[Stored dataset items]
____________
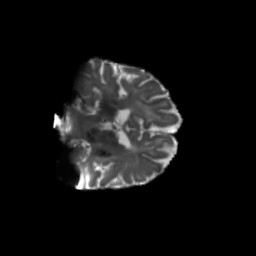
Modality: T2w
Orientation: coronal
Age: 75
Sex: male
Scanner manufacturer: siemens
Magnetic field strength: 3 T
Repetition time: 5.47 s
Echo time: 0.0854 s
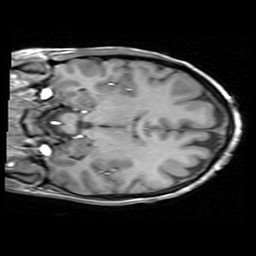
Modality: T1w
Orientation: coronal
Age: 27
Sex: female
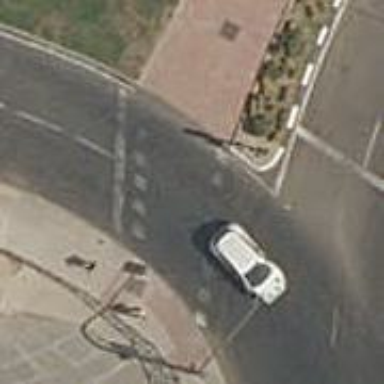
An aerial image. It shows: Road with traffic signals at crossing.
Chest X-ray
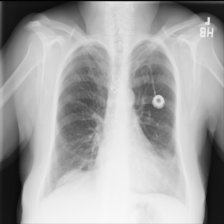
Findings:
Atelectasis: negative
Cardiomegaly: negative
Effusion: negative
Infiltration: negative
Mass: negative
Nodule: negative
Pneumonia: negative
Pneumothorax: negative
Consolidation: negative
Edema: negative
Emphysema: negative
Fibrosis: negative
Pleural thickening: negative
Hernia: negative
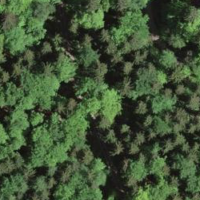
EUNIS habitat code: 41
Species observed at this site:
Ajuga reptans
Colchicum autumnale
Rubus saxatilis
Barbarea vulgaris
Milium effusum
Sanicula europaea
Cephalanthera longifolia
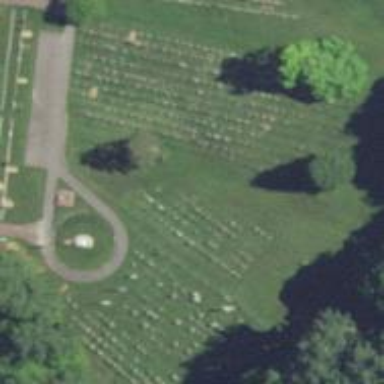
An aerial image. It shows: Grave yard.
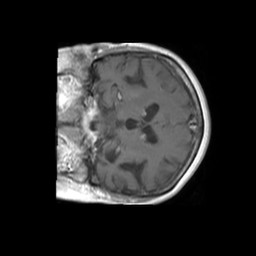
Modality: T1w
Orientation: coronal
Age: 86
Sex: female
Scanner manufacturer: philips
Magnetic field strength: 1.5 T
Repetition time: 0.55 s
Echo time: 0.015 s
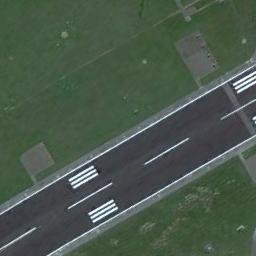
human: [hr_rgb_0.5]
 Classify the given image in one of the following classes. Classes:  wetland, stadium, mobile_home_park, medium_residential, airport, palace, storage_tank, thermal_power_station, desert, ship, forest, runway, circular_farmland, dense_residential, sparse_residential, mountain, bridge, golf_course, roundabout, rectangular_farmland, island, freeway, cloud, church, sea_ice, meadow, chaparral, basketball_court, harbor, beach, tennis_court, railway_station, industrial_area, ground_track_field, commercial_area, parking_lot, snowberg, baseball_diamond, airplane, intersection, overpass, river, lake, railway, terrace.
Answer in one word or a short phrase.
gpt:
____________
Aim of the exercise >>
The required answer is the lines from the one that contains "Echo time: 0.015 s" through the last line of the records, restated word for word, with every picture dropped.

Solution below >>
Echo time: 0.015 s
human: [hr_rgb_0.5]
 Classify the given image in one of the following classes. Classes:  wetland, stadium, mobile_home_park, medium_residential, airport, palace, storage_tank, thermal_power_station, desert, ship, forest, runway, circular_farmland, dense_residential, sparse_residential, mountain, bridge, golf_course, roundabout, rectangular_farmland, island, freeway, cloud, church, sea_ice, meadow, chaparral, basketball_court, harbor, beach, tennis_court, railway_station, industrial_area, ground_track_field, commercial_area, parking_lot, snowberg, baseball_diamond, airplane, intersection, overpass, river, lake, railway, terrace.
Answer in one word or a short phrase.
gpt:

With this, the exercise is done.